We need to lift the mood and a giraffe called Oisin comes to the rescue. She ripped her leg open after slipping under an iron fence at Belfast Zoo. Her wound would not heal so it was Riaz to the rescue.

“I didn’t know much about-the anatomy of a giraffe, so I borrowed a few books,” he says. “She needed a flap and skin graft but I couldn’t use hospital instruments because we wouldn’t be able to use them afterwards so I borrowed instruments from a museum. I went to the zoo, made a table out of hay and it was over in a couple of hours. She’s now grown up and moved to Liverpool.” I laugh hysterically, grateful for the release, and I’m glad when he giggles. Momentarily. “It was something of a special experience,” he adds, sending me into convulsions.

He returned to Pakistan in January 1999 with a container load of equipment, but he was in for a shock. There was no plastic surgery unit in Multan and he toured around theatres, volunteering his services – unpaid. One of his finest moments came when a man in his 30s arrived after losing one arm and the thumb and index finger from his other hand. With only basic equipment, he resorted to a technique pioneered in 1898 and last used in 1940. He attached the man’s remaining hand to his foot, to maintain circulation, leaving the patient lying in a foetal position for three weeks. He then separated the hand and foot again and attached one toe to make a thumb. The man regained the use of his hand and was able to return to work as a postman. “It was a bit inconvenient for the patient,” he says, somewhat understating the matter. “But it was a challenge to come up with a safe and successful solution.”

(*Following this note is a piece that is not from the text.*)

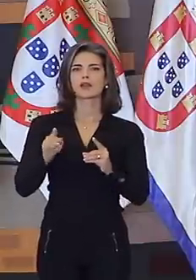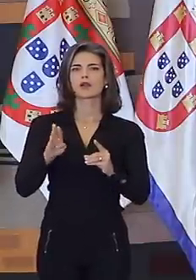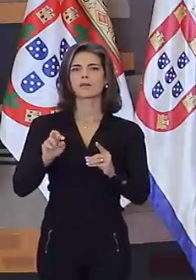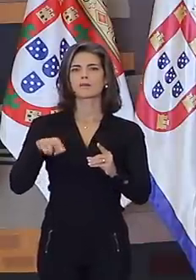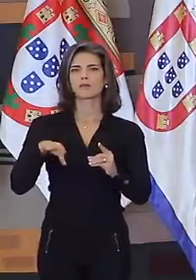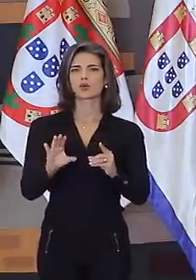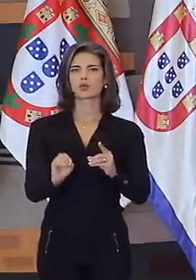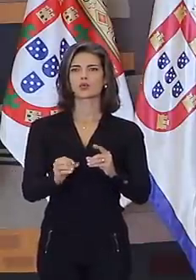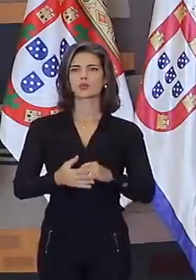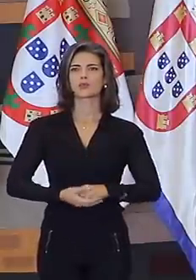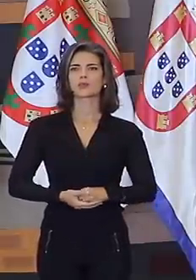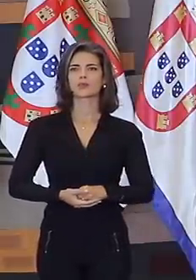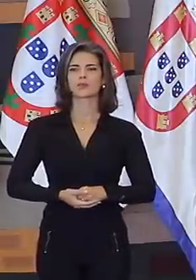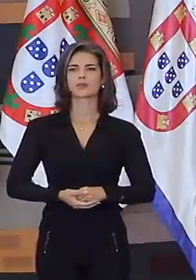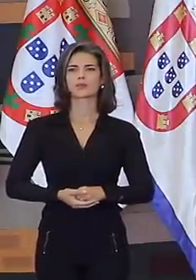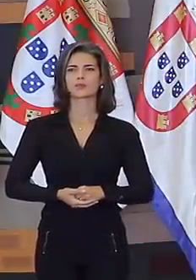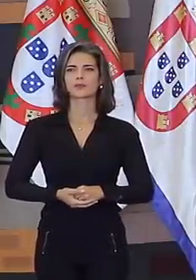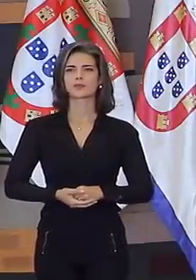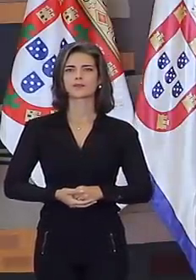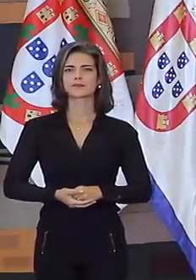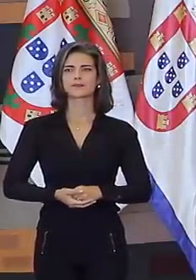Bruno Berrettini Camponês do Brasil.

He was forced to resort to private practice at night to get by; but charging patients in Pakistan still pains him. “That was the most difficult thing, asking someone to pay when you know how some of them had struggled to afford treatment.” He was offered a dingy basement in a hospital and transformed it into a plastic surgery suite. But no opportunities came.

It was a closed shop and he’d been away too long. Frustrated, he returned to Belfast. “Something pushed me away from there,” he said. “There was a need to be on a bigger stage and you are a bit isolated there.”

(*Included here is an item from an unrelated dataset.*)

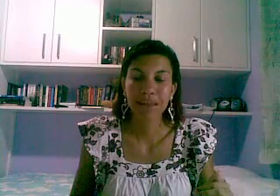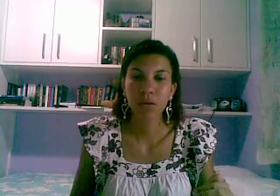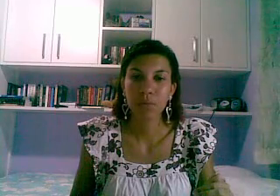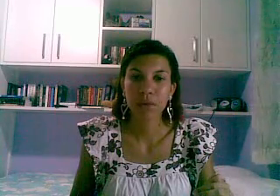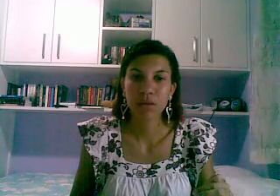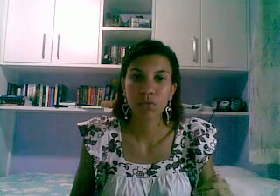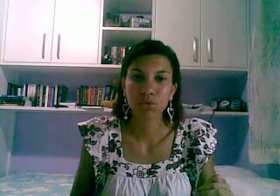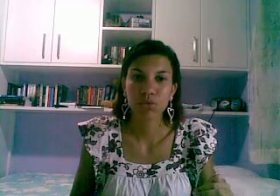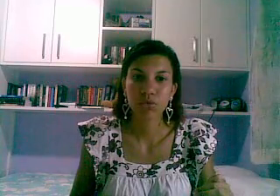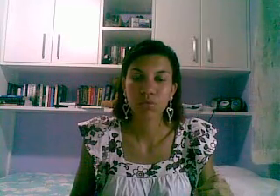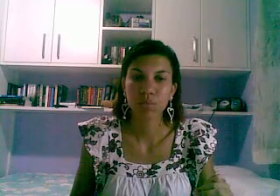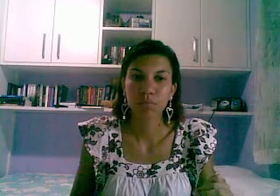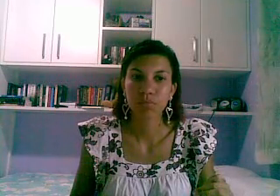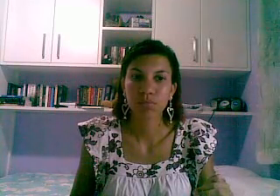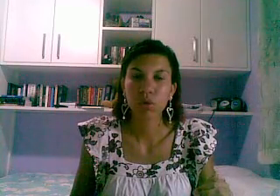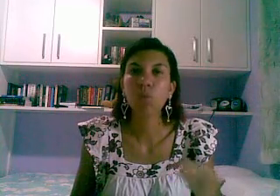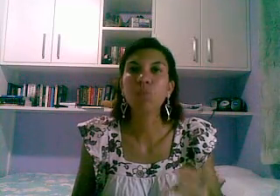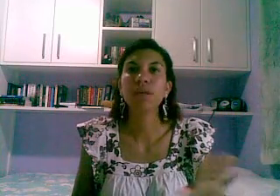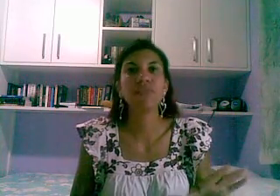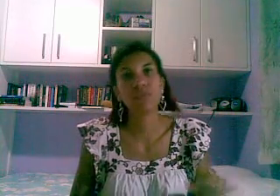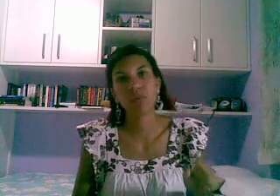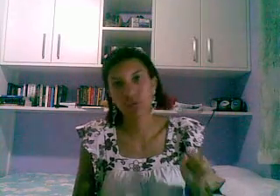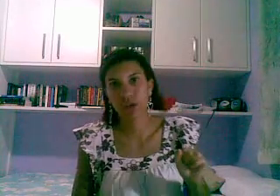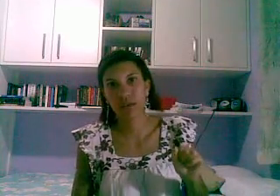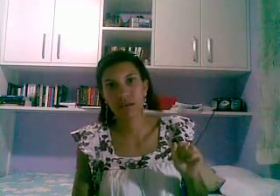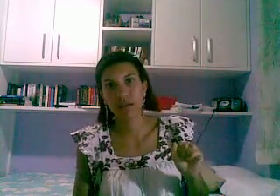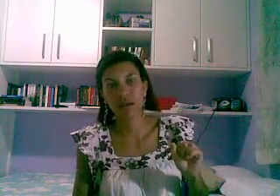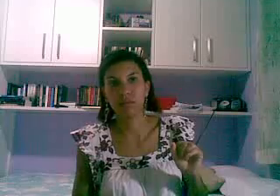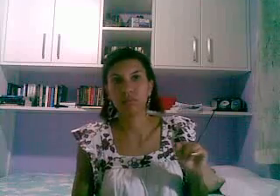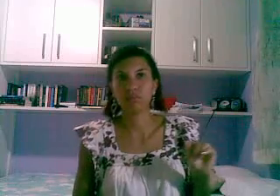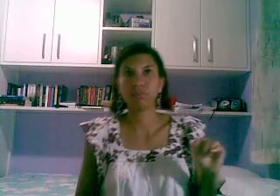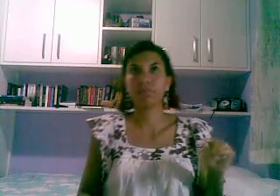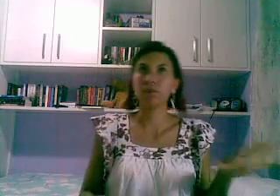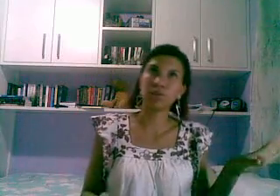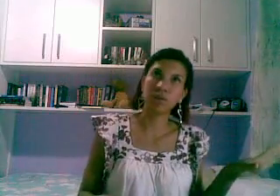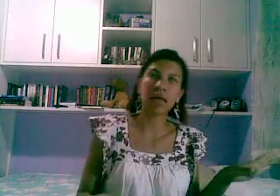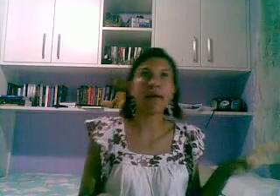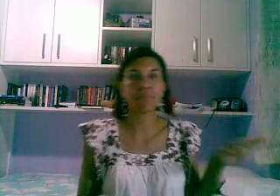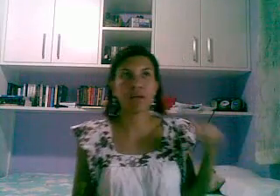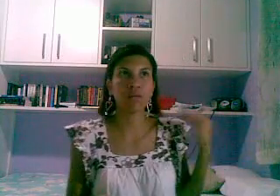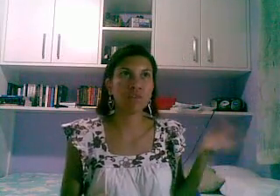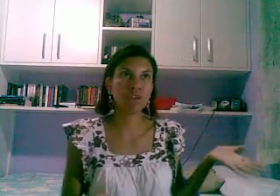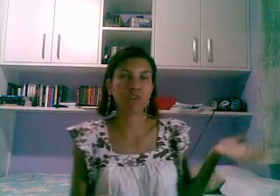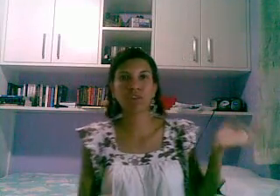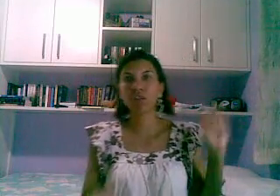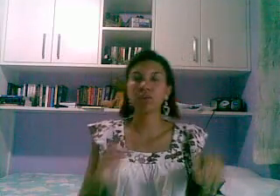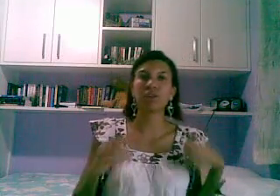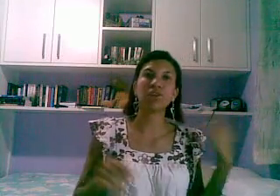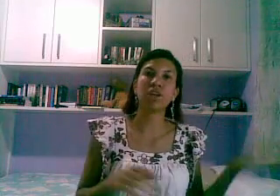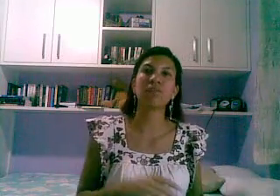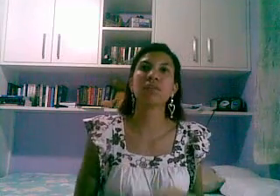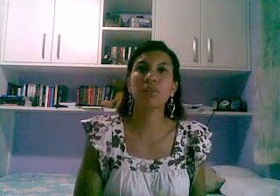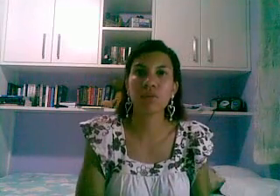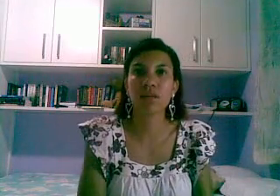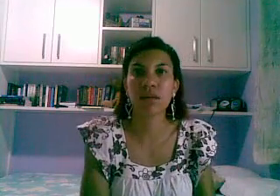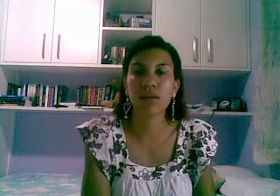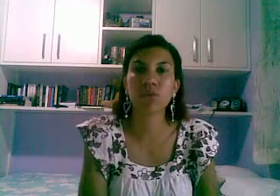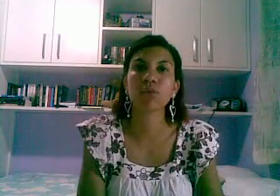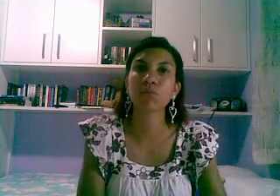pelo menos um livro eu já resenhei pode dizer é que alguns kits tem dois três livros eu não resenhei todos

He heard about an opening in Hull, where consultant Nick Hart was a trustee of a charity helping children in India and Pakistan-born with cleft lips and palates. . He got the job, two years to the day of our meeting.

Working with the charity Overseas Plastic Surgeons’ Appeal, he and a team from Castle Hill go to Pakistan every six months, treating more than 100 children with cleft lips and palates for free. He remembers one man in his 30s, desperate for treatment for his child. “He had a cleft palate himself and I told him we could fix him too,” he says. “It changed his life. It is very satisfying.”

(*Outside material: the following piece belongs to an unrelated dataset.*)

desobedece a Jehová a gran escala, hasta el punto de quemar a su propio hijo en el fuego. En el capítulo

He and consultant anaesthetist Zahid Rafique went to Pakistan in the aftermath of the recent earthquake. Although his own family was safe, another friend from medical school lost five members of his family. They worked continuously for eight days, treating about 70 patients with terrible injuries. The earthquake happened at about 9am when the men were working in the fields, so most of the casualties were women and children. If it was hard to deal with, he doesn’t show it. But he carries the memory of a l3-month-old girl with head injuries, rescued after 10 days trapped in the rubble. “Every patient had a story to tell,” he says, simply. ” With time, training and. experience, you are a little bit stronger from the inside.” He returned to Pakistan in December and he’s planning a trip with the charity next month.

Working 14-hour days, six days a week, I wonder if he finds solace at his home in Swanland with his wife and one-year-old daughter. “If you train to do this, you shouldn’t complain if you are busy because that’s what you want to do. If I was sitting doing nothing, I’d get bored,” he says. Maybe, but no one ever lay on their deathbed, wishing they’d worked harder. I just hope he remembers to tell the giraffe story.